# A very unhappy camper



## M1M (Mar 20, 2008)

My nephew :mrgreen:


----------



## Big Mike (Mar 20, 2008)

Jeez...give him his cookie back.


----------



## Hobbes (Mar 20, 2008)

It looks more like he is in an urgent need of a diaper change ^^
crying is the only thing I hate about kids


----------



## M1M (Mar 20, 2008)

Hobbes said:


> It looks more like he is in an urgent need of a diaper change ^^
> crying is the only thing I hate about kids



I like the other guys idea better than yours


----------



## Emerana (Mar 20, 2008)

awwwwwwwwwwwwww


----------



## Hobbes (Mar 20, 2008)

why? are you sick of all the poopy diapies? ^^


----------



## M1M (Mar 20, 2008)

Hobbes said:


> why? are you sick of all the poopy diapies? ^^



Well I am blessed with being an uncle. My kids are out of diapers, so actually yes I am sick of poopy diapers. When he has one I start looking for my Sister


----------



## M1M (Mar 20, 2008)

When he grows up he is gonna hate me lmao

HA HA


----------



## Phranquey (Mar 20, 2008)

> When he grows up he is gonna hate me lmao


 
Talk about an understatement....


Cute pics, though.


----------



## LaFoto (Mar 21, 2008)

Poor thing. He's distressed, and instead of consoling him, his uncle puts that black box with round window in front of his face ... *wail more*.

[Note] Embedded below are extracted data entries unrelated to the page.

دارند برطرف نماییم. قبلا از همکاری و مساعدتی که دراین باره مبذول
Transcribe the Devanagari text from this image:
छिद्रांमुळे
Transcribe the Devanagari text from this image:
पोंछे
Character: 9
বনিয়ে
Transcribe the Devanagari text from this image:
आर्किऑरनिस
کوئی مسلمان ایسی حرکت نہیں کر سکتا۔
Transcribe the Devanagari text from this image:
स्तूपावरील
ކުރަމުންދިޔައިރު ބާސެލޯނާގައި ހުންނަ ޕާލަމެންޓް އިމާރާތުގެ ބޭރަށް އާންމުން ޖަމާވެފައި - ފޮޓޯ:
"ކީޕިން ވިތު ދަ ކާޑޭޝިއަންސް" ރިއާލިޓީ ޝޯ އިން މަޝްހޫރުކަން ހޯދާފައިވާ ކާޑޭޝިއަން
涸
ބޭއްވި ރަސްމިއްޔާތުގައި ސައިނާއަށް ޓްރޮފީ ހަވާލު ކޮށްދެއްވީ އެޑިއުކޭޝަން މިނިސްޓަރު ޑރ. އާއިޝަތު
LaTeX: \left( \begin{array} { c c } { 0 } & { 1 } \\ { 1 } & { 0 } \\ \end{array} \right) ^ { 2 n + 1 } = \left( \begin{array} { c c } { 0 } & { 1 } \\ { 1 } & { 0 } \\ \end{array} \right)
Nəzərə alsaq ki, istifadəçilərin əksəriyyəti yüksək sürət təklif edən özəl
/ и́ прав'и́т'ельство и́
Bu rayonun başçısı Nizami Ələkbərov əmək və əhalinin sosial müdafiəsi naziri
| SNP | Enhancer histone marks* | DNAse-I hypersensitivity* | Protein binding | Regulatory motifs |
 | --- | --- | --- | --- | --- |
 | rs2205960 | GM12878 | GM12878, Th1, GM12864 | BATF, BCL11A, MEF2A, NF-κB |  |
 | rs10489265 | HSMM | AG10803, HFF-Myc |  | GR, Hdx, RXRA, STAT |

And later uncle will have blackmail material to show to the girl-friend...!


----------



## petey (Mar 21, 2008)

LOL


----------



## DragonHeart (Mar 21, 2008)

being a dad of three wonderful boys, I have seen My share of these type pics...


----------



## M1M (Mar 21, 2008)

Ok Last one, I swear :lmao:


----------



## danir (Mar 21, 2008)

Fantastic shots.


----------



## haduyenhoa (Mar 21, 2008)

nice boy


----------



## quickshot (Mar 21, 2008)

I love how we're all laughing at his upset little face. Good times, good times.


----------



## THORHAMMER (Mar 22, 2008)

aaawwww.... i can almost hear him.. 

You really should give back the cookies. 

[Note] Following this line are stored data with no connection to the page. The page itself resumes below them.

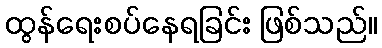
ထွန်ရေးစပ်နေရခြင်း ဖြစ်သည်။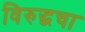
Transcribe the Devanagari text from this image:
विरुद्धचा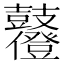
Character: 𪔶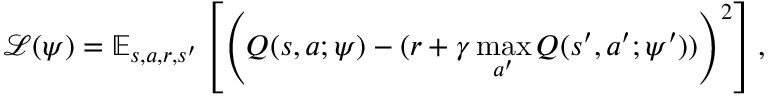
\mathcal { L } ( \psi ) = \mathbb { E } _ { s , a , r , s ^ { \prime } } \left[ \left( Q ( s , a ; \psi ) - ( r + \gamma \operatorname* { m a x } _ { a ^ { \prime } } Q ( s ^ { \prime } , a ^ { \prime } ; \psi ^ { \prime } ) ) \right) ^ { 2 } \right] ,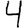
Digit: 4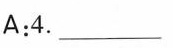
A:4. ___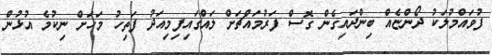
ފުވައްމުލަކު ދޯންޏެއް ބިންދައިގެން ގޮސް ފަރުމައްޗަށް ލައްގައިފިމިއަދު ފަތިހު މަހަށް ނިކުމެ އުޅުން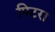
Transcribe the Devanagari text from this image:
पिटरा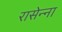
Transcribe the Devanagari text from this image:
रासेन्ना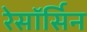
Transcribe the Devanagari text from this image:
रेसॉर्सिन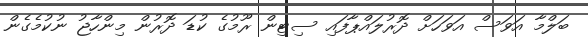
ބަލްމާ އަވަސް އަވަހަށް ދޮރުލައްޕާފައި ސިޓިން ރޫމުގެ ކުޑަ ދޮރުން މިންހާޖު ނުކުމެގެން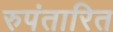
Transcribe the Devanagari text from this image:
रुपंतारित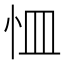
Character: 𭜛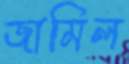
জামিল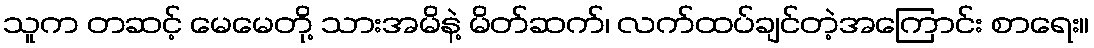
သူက တဆင့် မေမေတို့ သားအမိနဲ့ မိတ်ဆက်၊ လက်ထပ်ချင်တဲ့အကြောင်း စာရေး။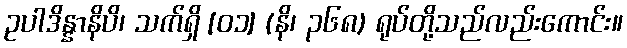
ဥပါဒိန္နာနိပိ၊ သက်ရှိ [၀၁] (နိ၊ ၃၆၈) ရုပ်တို့သည်လည်းကောင်း။

somebody call the waambulance.


----------



## Lacey Anne (Mar 22, 2008)

Oh, he's breaking my heart! How preciously sad!


----------



## M1M (Mar 24, 2008)

danir said:


> Fantastic shots.



Thanks! :mrgreen:


----------



## M1M (Mar 24, 2008)

THORHAMMER said:


> aaawwww.... i can almost hear him..
> 
> You really should give back the cookies.
> 
> ...



No, its one of those screams where no noise comes out :lmao:


----------



## heinzsoup (Mar 24, 2008)

These are amazing!!!!  I love them!!!

Sue


----------



## lockwood81 (Mar 24, 2008)

THORHAMMER said:


> somebody call the waambulance.


 

:lmao:


----------



## M1M (Mar 25, 2008)

heinzsoup said:


> These are amazing!!!!  I love them!!!
> 
> Sue



Thanks Sue! 


-Nate


----------



## jopu (Mar 25, 2008)

Nice pics! But is he crying because daddy is just snapping pics... :mrgreen:


----------



## M1M (Mar 25, 2008)

jopu said:


> Nice pics! But is he crying because *uncle* is just snapping pics... :mrgreen:




^ Fixed


----------



## surfndcoolwater (May 17, 2008)

how adorable!!!!!


----------



## roentarre (May 17, 2008)

Wow,so cute and adorable


----------



## craig (May 17, 2008)

Nice. I love unsympathetic shots of children.

Love & Bass


----------



## M1M (May 19, 2008)




----------



## Lyncca (May 19, 2008)

Those are awesome, but you really are a bully for taking his pictures when he is crying his eyes out!


----------



## M1M (May 20, 2008)

I guess this was over the line also 









Lyncca said:


> Those are awesome, but you really are a bully for taking his pictures when he is crying his eyes out!


----------



## Lyncca (May 20, 2008)

Shame on you!


----------



## M1M (May 20, 2008)

Lyncca said:


> Shame on you!


----------



## createnetwork (May 21, 2008)

Haha, I love these shots, they crack me up.


----------



## 3of11 (May 21, 2008)

The first shot is my favorite.  It really is great.  As I went further to more sad faces it made me a little sad too.  However, love the first one.


----------



## lilysmom (May 21, 2008)

:lmao:


----------



## M1M (May 22, 2008)

Thanks!



3of11 said:


> The first shot is my favorite.  It really is great.  As I went further to more sad faces it made me a little sad too.  However, love the first one.


----------



## Reanimator (Apr 19, 2009)

Excellent shot!



toronto wedding photographers


----------



## linpelk (Apr 19, 2009)

Have his parents seen these yet?  You may be out of a babysitting job (was that your intention??)


----------